The no form of this command removes BFD from the associated IGP/BGP protocol adjacency.
no bfd-enable
7210 SAS-T, 7210 SAS-Mxp, 7210 SAS-R6, and 7210 SAS-R12
This command enables and disables IPv4 P2MP FEC capability on the interface.
Supported on all 7210 SAS platforms as described in this document.
This command enables and disables IPv4 prefix FEC capability on the interface.
Supported on all 7210 SAS platforms as described in this document.
This command configures the time interval to wait before declaring a neighbor down. The factor parameter derives the hello interval.
The hold time is local to the system and sent in the hello messages to the neighbor. The hold time cannot be less than three times the hello interval.
When the LDP session is being set up, the hold down time is negotiated to the lower of the two peers. Once an operational value is agreed upon, the hello factor is used to derive the value of the hello interval.
The session must be flapped for the new settings to operate.

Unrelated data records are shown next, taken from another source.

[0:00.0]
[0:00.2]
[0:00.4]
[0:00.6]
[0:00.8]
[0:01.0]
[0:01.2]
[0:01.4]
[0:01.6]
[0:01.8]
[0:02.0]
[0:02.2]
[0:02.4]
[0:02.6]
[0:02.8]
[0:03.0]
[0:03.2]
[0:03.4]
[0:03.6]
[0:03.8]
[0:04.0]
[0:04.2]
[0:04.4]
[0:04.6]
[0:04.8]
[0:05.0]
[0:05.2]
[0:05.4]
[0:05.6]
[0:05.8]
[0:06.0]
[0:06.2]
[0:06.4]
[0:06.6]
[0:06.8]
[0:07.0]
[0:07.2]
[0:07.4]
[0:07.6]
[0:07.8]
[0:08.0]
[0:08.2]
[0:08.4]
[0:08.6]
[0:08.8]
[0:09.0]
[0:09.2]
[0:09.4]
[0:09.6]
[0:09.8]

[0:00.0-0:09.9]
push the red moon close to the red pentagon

The no form of this command at the targeted-session level sets the hello timeout and the hello factor to the default values.
The no form of this command, at the peer level, will set the hello timeout and the hello factor to the value defined under the targeted-session level.

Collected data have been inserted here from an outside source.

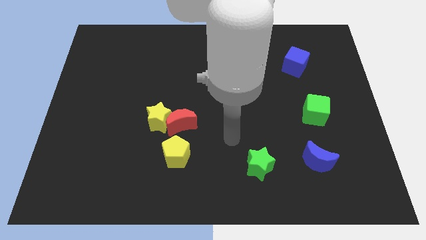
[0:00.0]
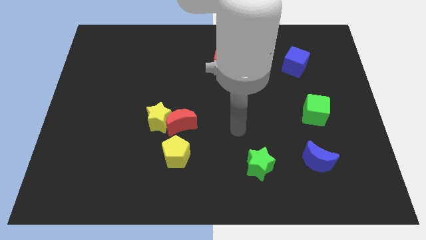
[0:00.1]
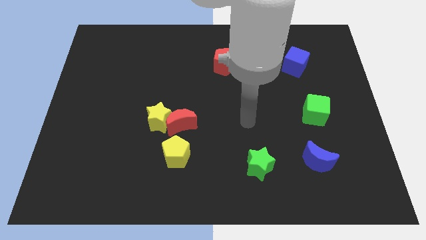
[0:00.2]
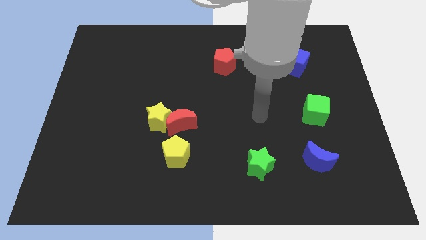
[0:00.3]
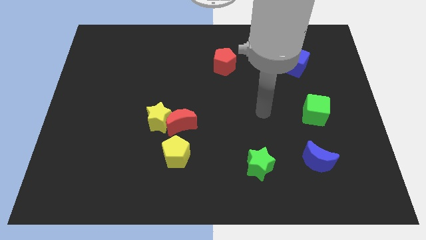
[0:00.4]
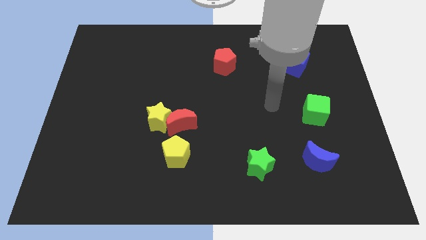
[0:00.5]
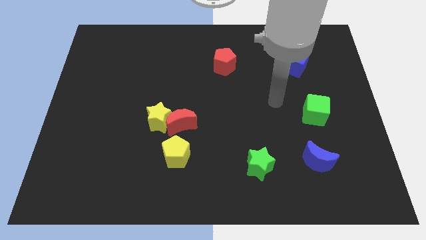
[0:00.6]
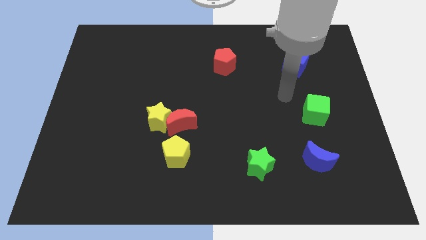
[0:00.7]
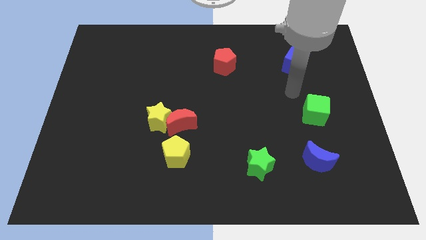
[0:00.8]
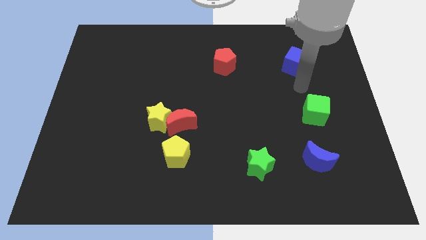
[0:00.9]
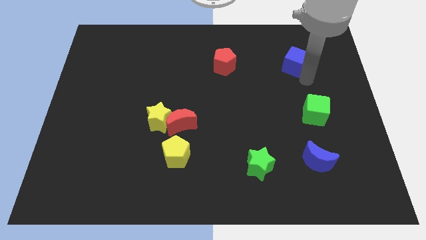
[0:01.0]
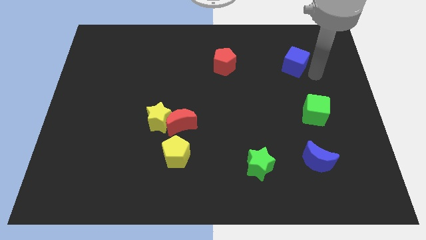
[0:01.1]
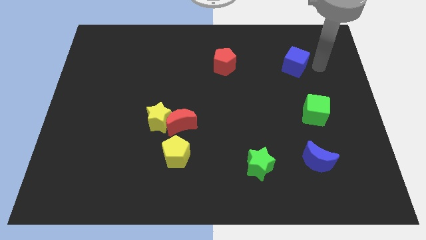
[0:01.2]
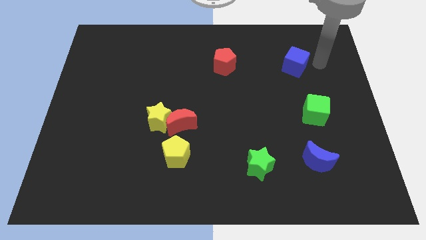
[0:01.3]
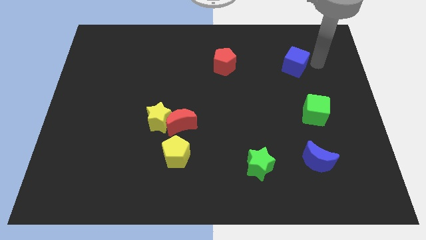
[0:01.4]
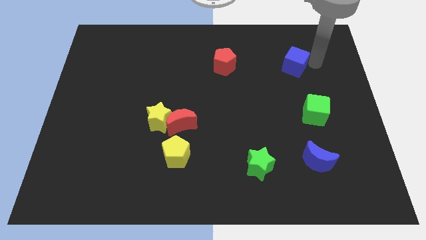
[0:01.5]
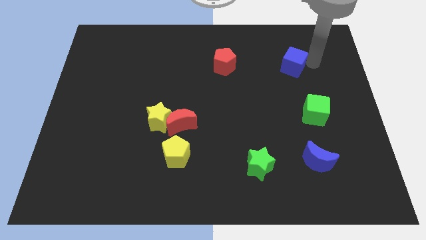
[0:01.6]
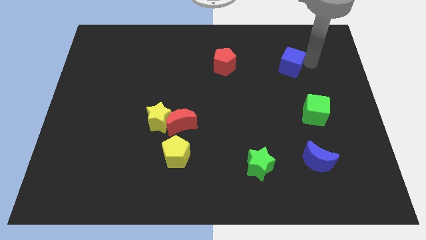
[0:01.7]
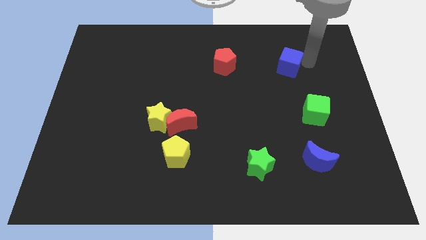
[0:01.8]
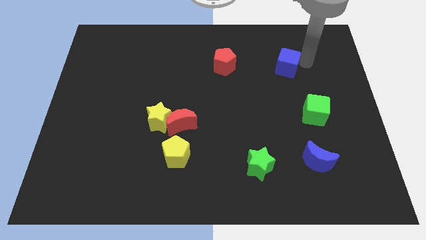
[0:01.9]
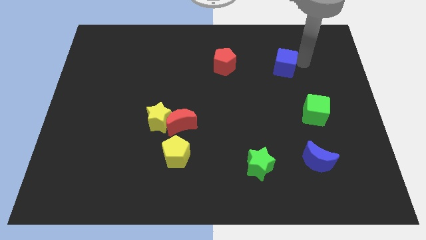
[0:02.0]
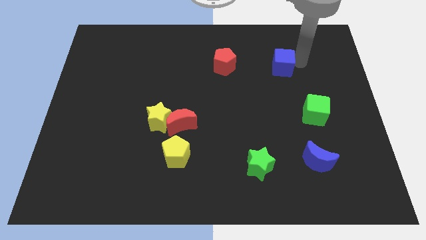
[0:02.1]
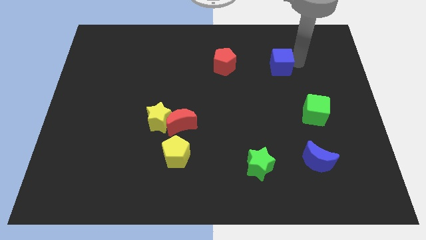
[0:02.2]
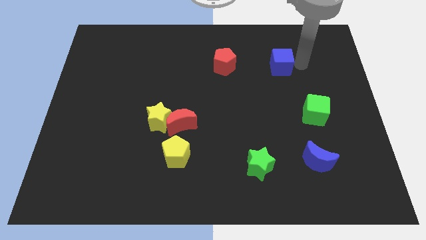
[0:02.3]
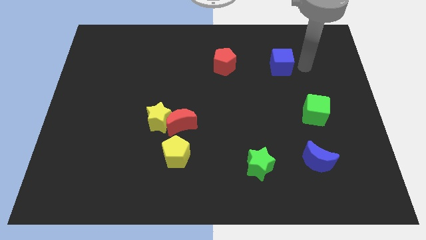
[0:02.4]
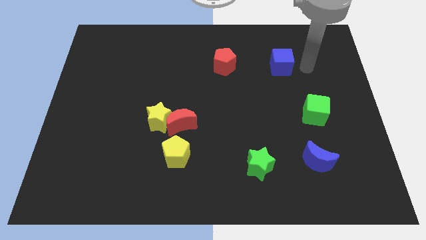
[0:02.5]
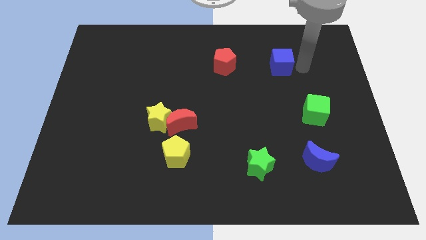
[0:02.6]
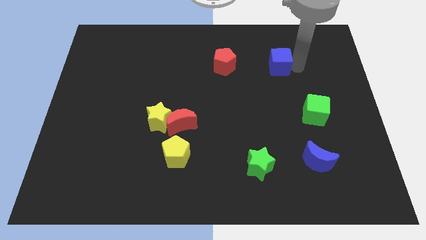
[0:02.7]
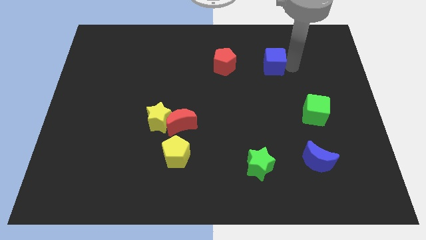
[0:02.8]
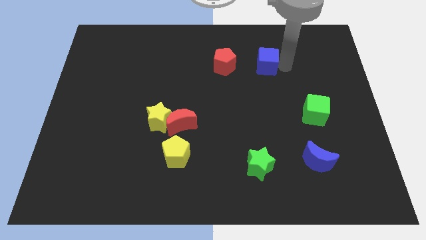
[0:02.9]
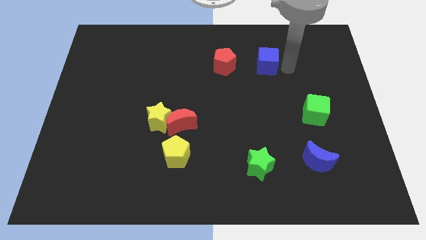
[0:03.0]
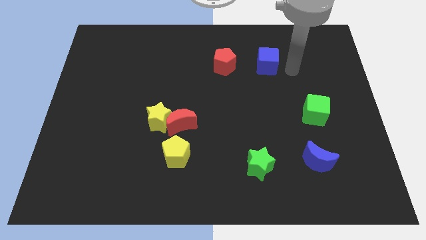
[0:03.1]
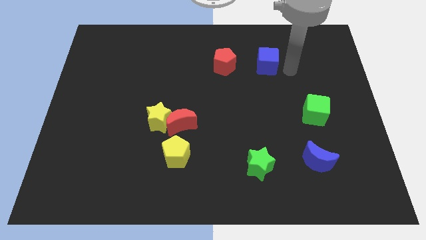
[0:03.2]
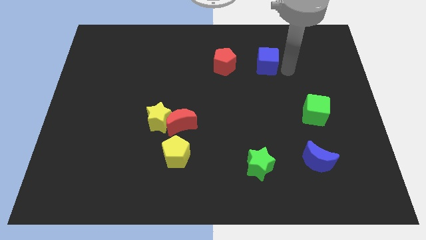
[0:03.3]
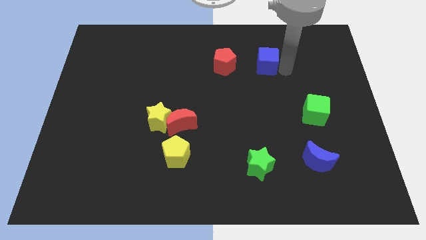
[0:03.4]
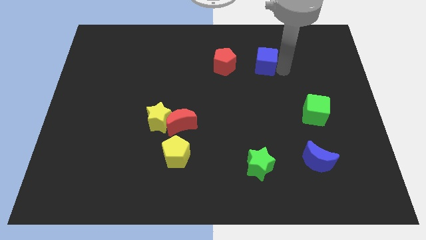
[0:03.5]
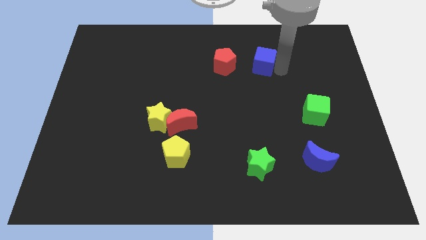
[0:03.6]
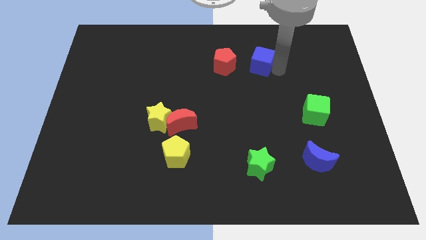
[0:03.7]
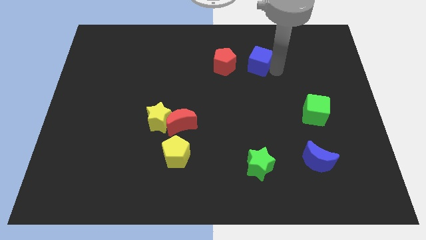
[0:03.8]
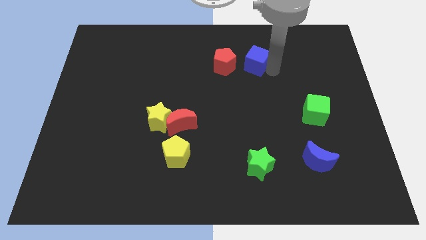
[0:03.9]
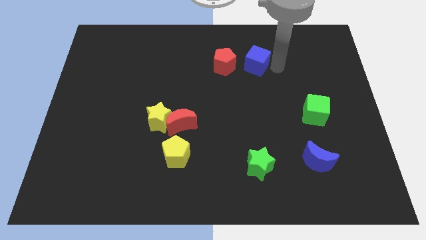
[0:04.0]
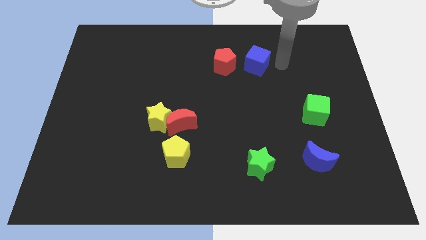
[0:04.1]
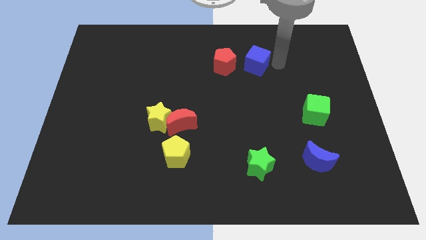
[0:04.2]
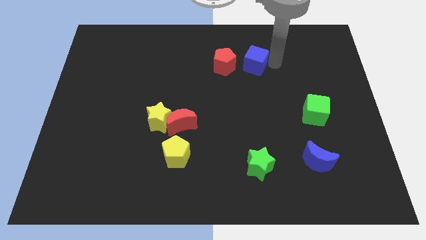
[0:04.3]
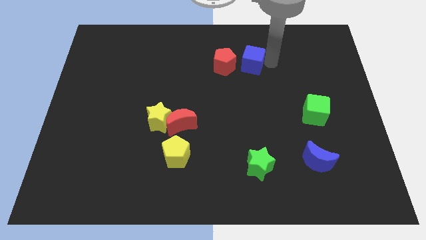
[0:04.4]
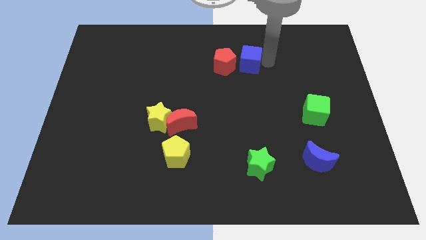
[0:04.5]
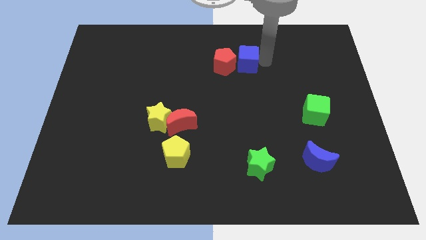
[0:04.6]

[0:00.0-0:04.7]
push the blue cube towards the red pentagon

Table 25 shows parameter default values for the hello command.
Context | Timeout | Factor |
config>router>ldp>if-params | 15 | 3 |
config>router>ldp>targ-session | 45 | 3 |
config>router>ldp>if-params>if | Inherits values from interface-parameters context | |
config>router>ldp>targ-session>peer | Inherits values from targeted-session context |
Supported on all 7210 SAS platforms as described in this document.
This command enables the suppression of periodic targeted Hello messages between LDP peers once the targeted LDP session is brought up.
When this feature is enabled, the target Hello adjacency is brought up by advertising the hold-time value that the user configured in the “hello timeout” parameter for the targeted session. The LSR node will start advertising an exponentially increasing hold-time value in the Hello message as soon as the targeted LDP session to the peer is up. Each new incremented hold-time value is sent in a number of Hello messages equal to the value of the argument factor, which represents the dampening factor, before the next exponential value is advertised. This provides time for the two peers to settle on the new value. When the hold-time reaches the maximum value of 0xffff (binary 65535), the two peers will send Hello messages at a frequency of every [(65535-1)/local helloFactor] seconds for the lifetime of the targeted LDP session; for example, if the local Hello factor is 3, Hello messages will be sent every 21844 seconds.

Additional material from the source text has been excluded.